In the present case, the anticipatory bail applications were moved  in case registered by Directorate of Enforcement. The said ECIR was registered on the basis of FIR registered on 7th March 2020 at 9.15 p.m by the Central Bureau of Investigation at New Delhi under Sections 120B read with Section 420 of the Indian Penal Code and Sections 7, 12 and 13 of the Prevention of Corruption Act. The FIR alleged that a loan of Rs.750 crores was sanctioned to M/s. RKW Developers which was siphoned by Kapil Wadhwan by transferring it to DHFL.

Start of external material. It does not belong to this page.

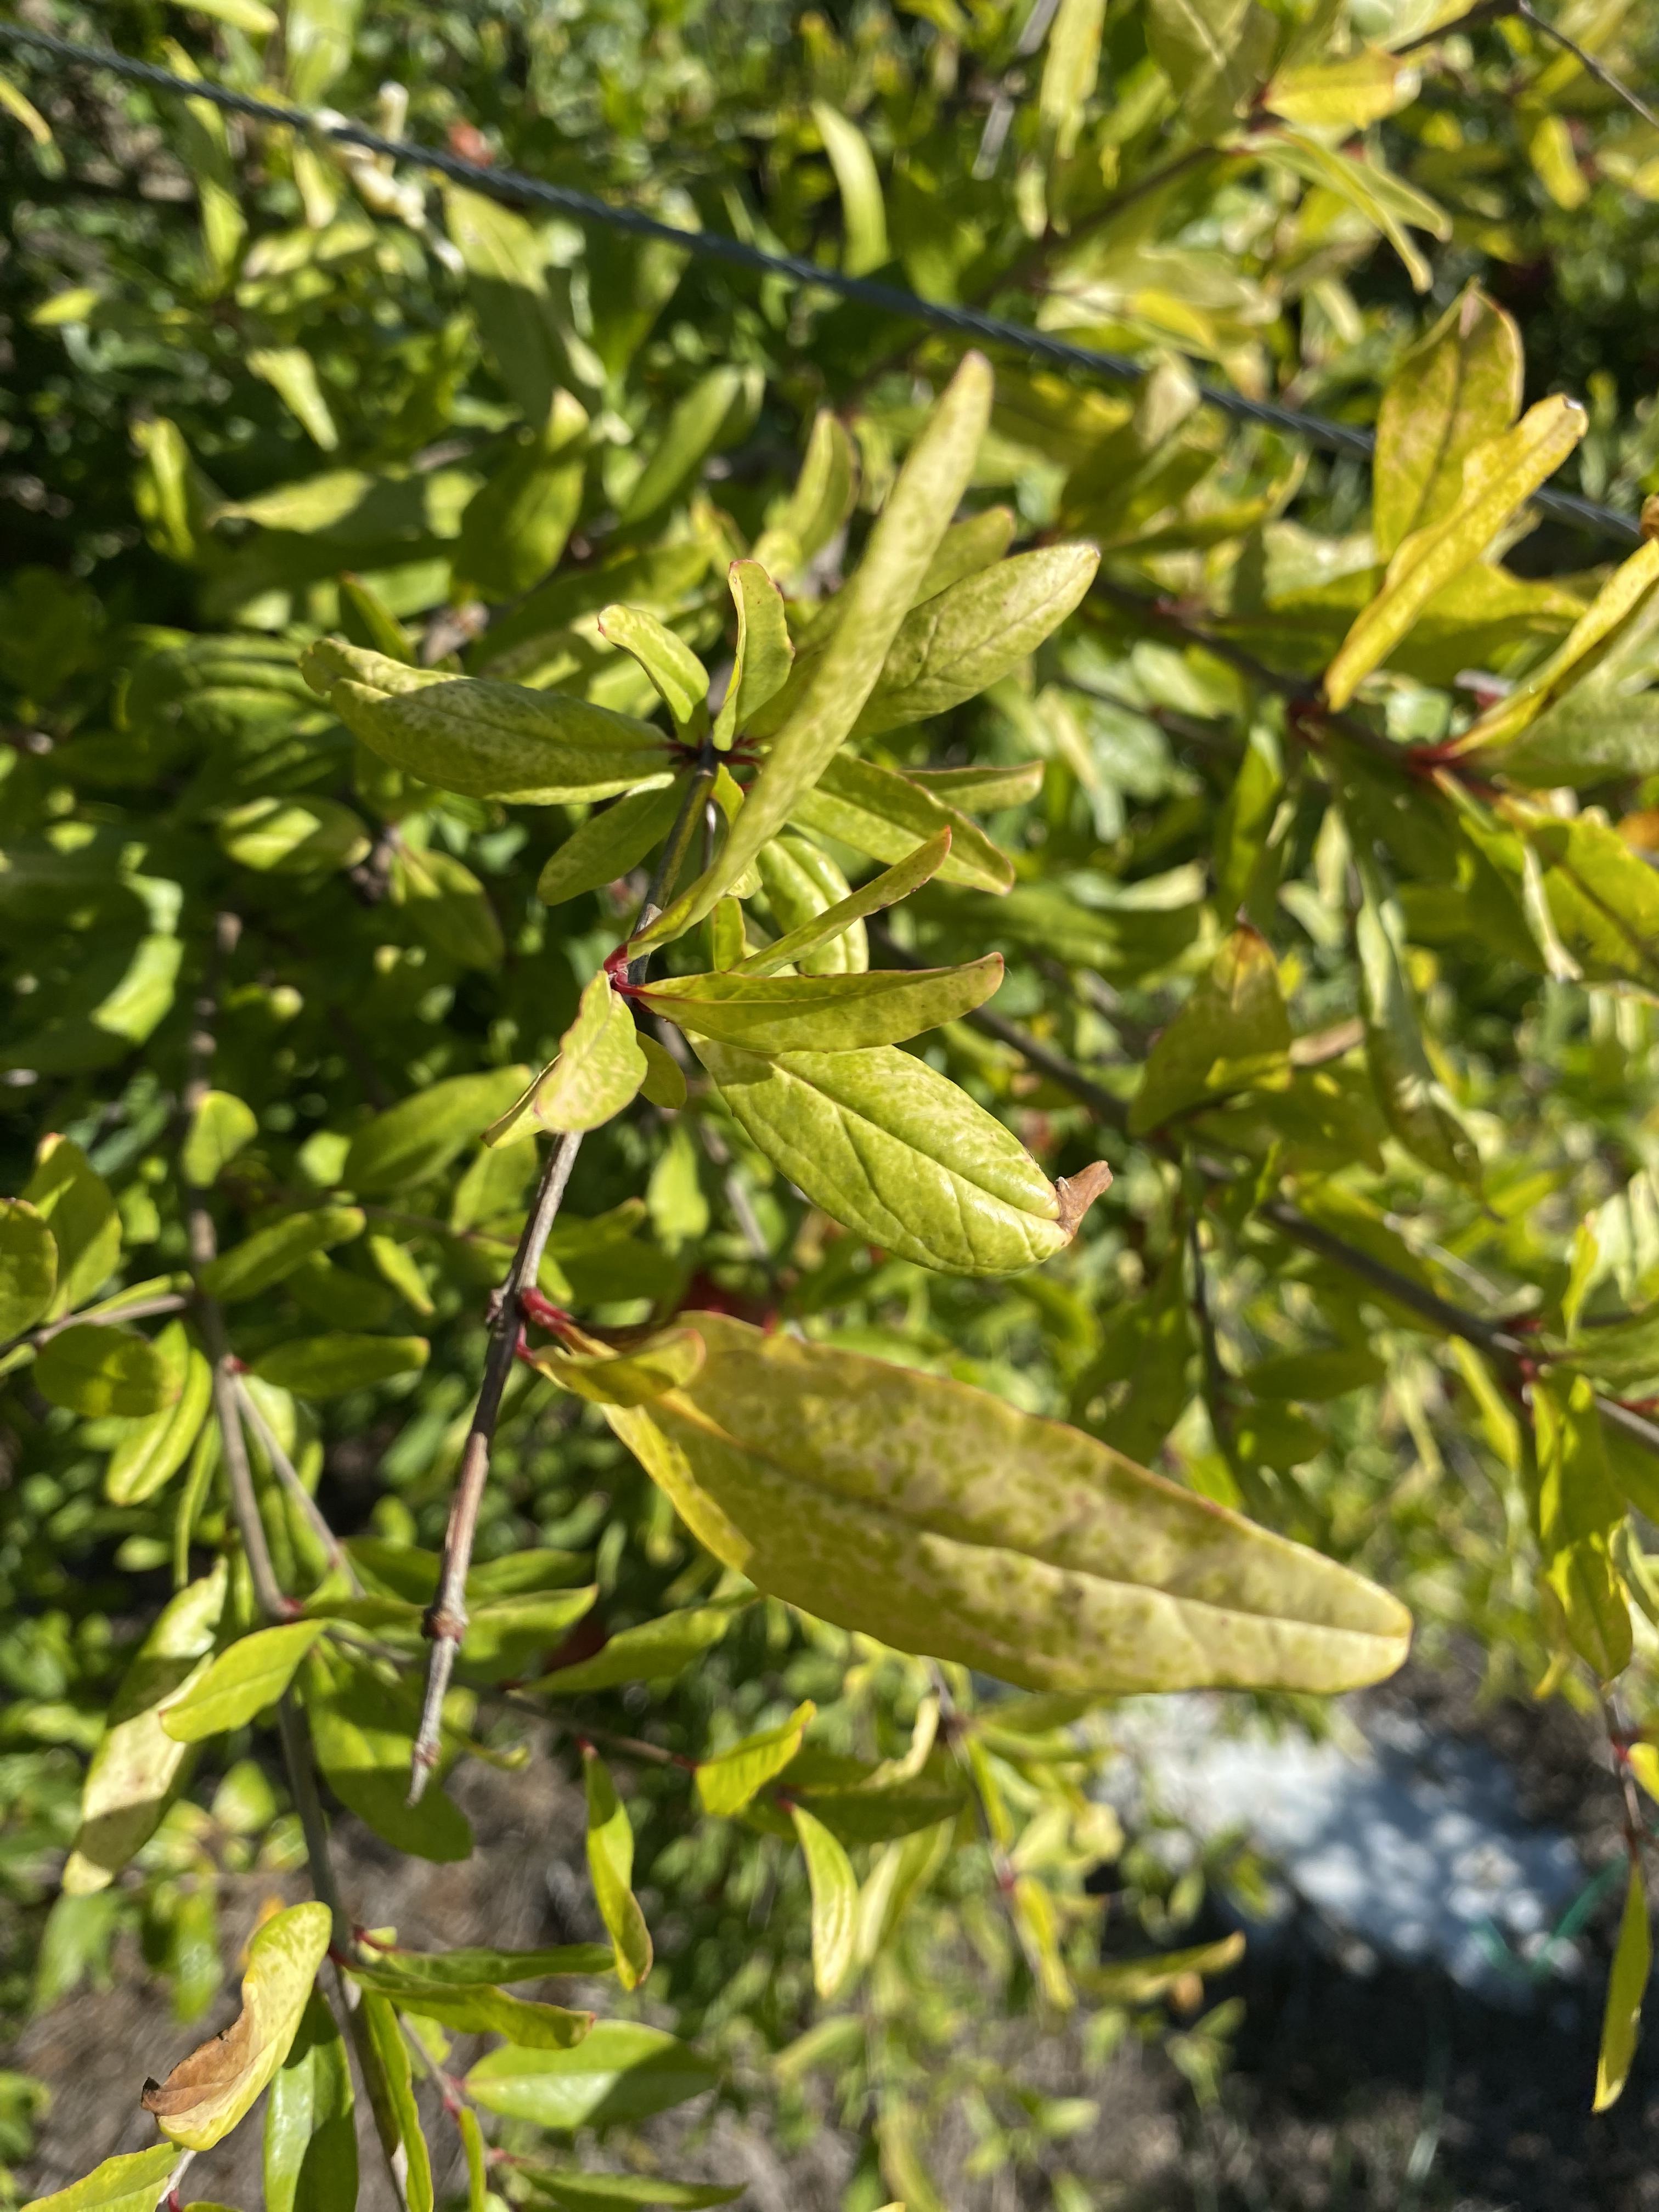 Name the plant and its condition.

pomegranate, drought
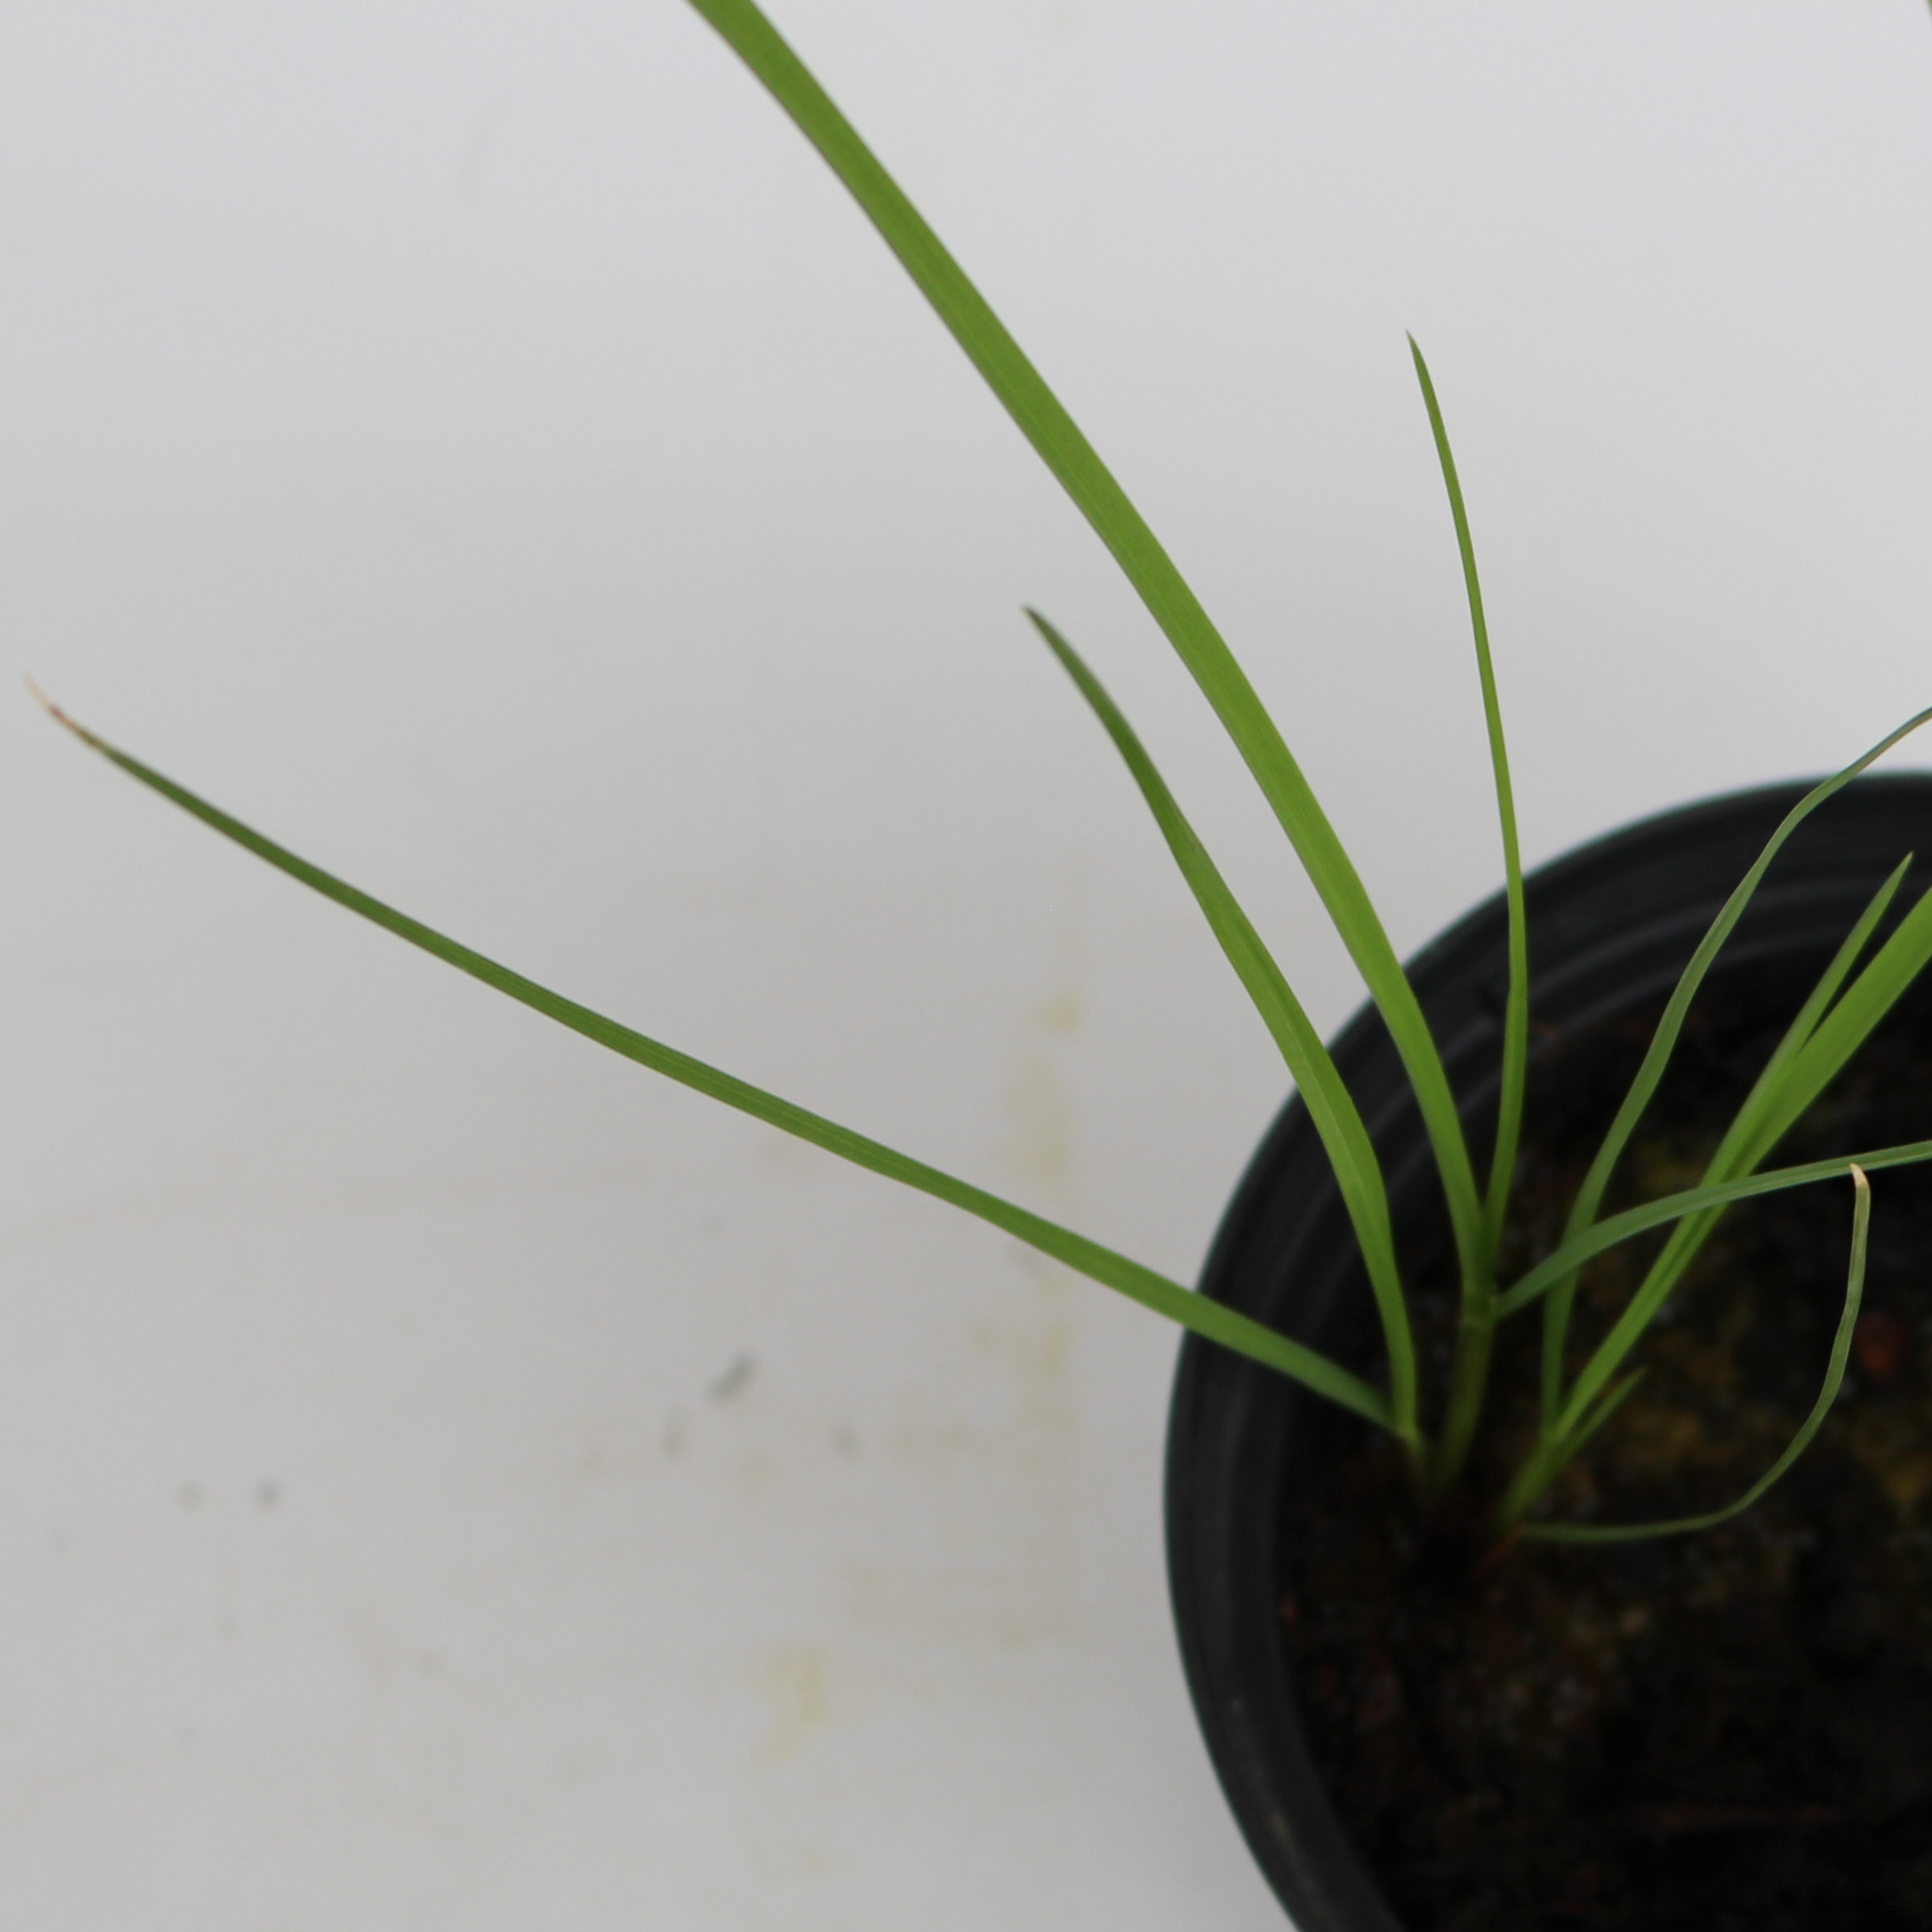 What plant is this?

Lolium multiflorum

The HC held that the procedure of law must be followed and abided by. It was held that a serious economic offence cannot wait the pandemic to recede and the projection of the applicants as “not being healthy” and health being a part of Article 21 of the Constitution would not absolve them of being subjected to interrogation by taking recourse to the provision of Section 438 contained in the code of Criminal Procedure which is expected to be exercised on striking a balance of the nature of offence, the conduct of the offender and the need of the Investigating Agency to penetrate the alleged offence. It was held that this is more particularly to be in an offence of money laundering which has serious ramifications and has the potential to bring the swirling economy of the entire country to a standstill.

It was held that it is only the applicants who can throw light on the nature of transaction and the alleged conspiracy can be cracked by interrogating them regarding the rolling of funds in the sister companies by deciphering their accounts. It was also held that the applicants have to be confronted with various incriminating documents with respect to the loans sanctioned in its favour by YES Bank and further loans sanctioned by the DHFL in favour of Rana Kapur so as to unearth the multi crore conspiracy. It was held that the modus-operandi of working of YES bank and its officials is the bone of interrogation along with the concessions and favours granted to the companies/undertakings run by Rana Kapur and his family. It was held that this can only be achieved and attained by custodial interrogation of the applicants. It was further held that the excuse of the pandemic Covid-19 cannot and shall not deter the Enforcement Directorate from investigating a serious offence of Money Laundering which has shaken the economy of India and bear wide ramifications at this juncture.

The Bombay HC held that considering the gravity of the accusations against the present applicants and the need for their custodial interrogation being made out by the Directorate of Enforcement, the present applications filed by the applicants do not warrant any consideration. And both the applications were dismissed by the HC.